In Colditz, Mazumdar made friends with the Dutch officers. He never got on with the British officers in the Indian Army, who used to refer to the Indians as “bloody Gandhi’s chaps”. Here he was even accused by fellow officers of being a German spy. Mazumdar then decided that he had to escape. In a desperate bid to get out of Colditz, Mazumdar went on hunger-strike.
For five weeks he lived on water and was taunted by the British officers that he was “doing a Gandhi”. Then he was moved to another camp with less security. His strike had worked.
He was then moved to a camp full of Indian soldiers. One day when they were being moved to another camp by train, Mazumdar escaped with two Indian sappers, Sethi and Salim.

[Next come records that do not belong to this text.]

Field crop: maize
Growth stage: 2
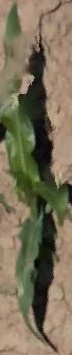
Species: maize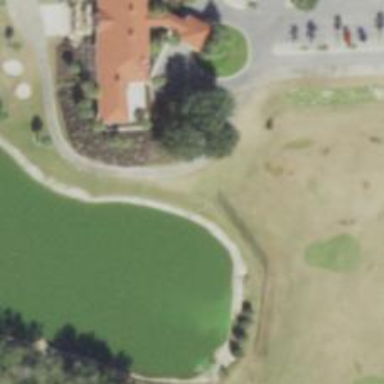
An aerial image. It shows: Golf cartpath that is also road path.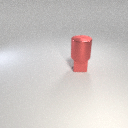
large red metal cylinder above small red rubber cube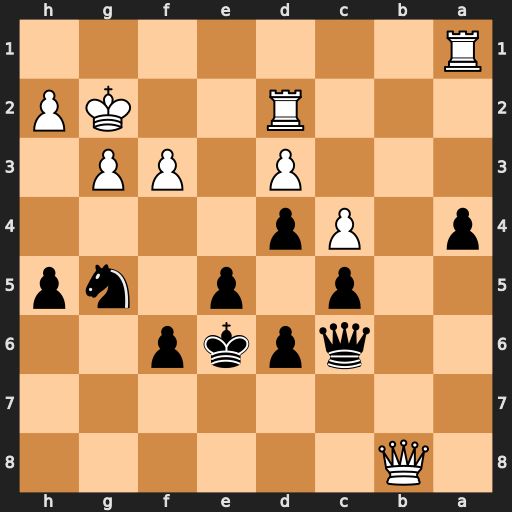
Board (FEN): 1Q6/8/2qpkp2/2p1p1np/p1Pp4/3P1PP1/3R2KP/R7
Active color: b
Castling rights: -
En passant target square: -
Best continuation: Qxf3+ Kg1 Nh3#

After hiding in the country for two days, Mazumdar finally want to the village to get food. A French villager gave them food and asked them to go as there were orders to shoot escaped POWs. They began walking towards the Spanish border, but on the fifth day they were again captured by the Germans, flogged, called ‘coloured buggers’ and put in a smelly dump. The Gestapo then asked the doctor again if he would like to take the last chance to join Bose. He refused and was flogged again.
They were then moved to another camp, full of Indian soldiers from Italy. The three of them planned to escape again. This time it was more dangerous as it involved crossing a 13-foot barbed wall. They somehow managed to escape.
Eventually they reached Nevers where a French widow gave them shelter and told them they would be taken to the Swiss border with the help of the French Resistance.
“We crossed the frontier to Switzerland,” he recalled. Mazumdar and his mates had made their home run. The year was 1943.
Eventually Mazumdar was sent to London to treat Indian Army soldiers. Further clashes with British officers followed and Mazumdar was falsely charged with embezzling funds and put under house-arrest.
It was the intervention of a Swiss doctor that stopped him from being court-martialled. Meanwhile, the British officers from the Indian Army returned to India and eventually Mazumdar returned to England where he was stationed at Woolwich.
By then the war in Europe was over and one day he was called upon by MI5 and MI6 who wanted to ask him about Bose.
“They questioned me for two days. When I had nothing to say, they told me, ‘You are ruining your chances of getting a medal.’ I burst out laughing. Do you think I escaped and went through all this to get a medal?”
Finally, Mazumdar was asked to proceed to Gaya with the troops. Here again he stood up to the racial taunts of the British and once even disciplined an English officer who had asked his brother, Samar, a naval officer to get off the first class compartment.
Mazumdar returned to England in 1946 carrying memories of his war days with him. Many of them were painful, of not just physical abuse by the Germans, but the ingratitude, racism and selfishness of the British. He got no decorations and lived on his army pension. It was only recently that he joined the Colditz Association, who alerted the Imperial War Museum of his story.
The University of Leeds has requested his widow, Joan Mazumdar, to give his memories for their war archives. The remarkable story of Dr Mazumdar can then join the legends of other heroes of the war.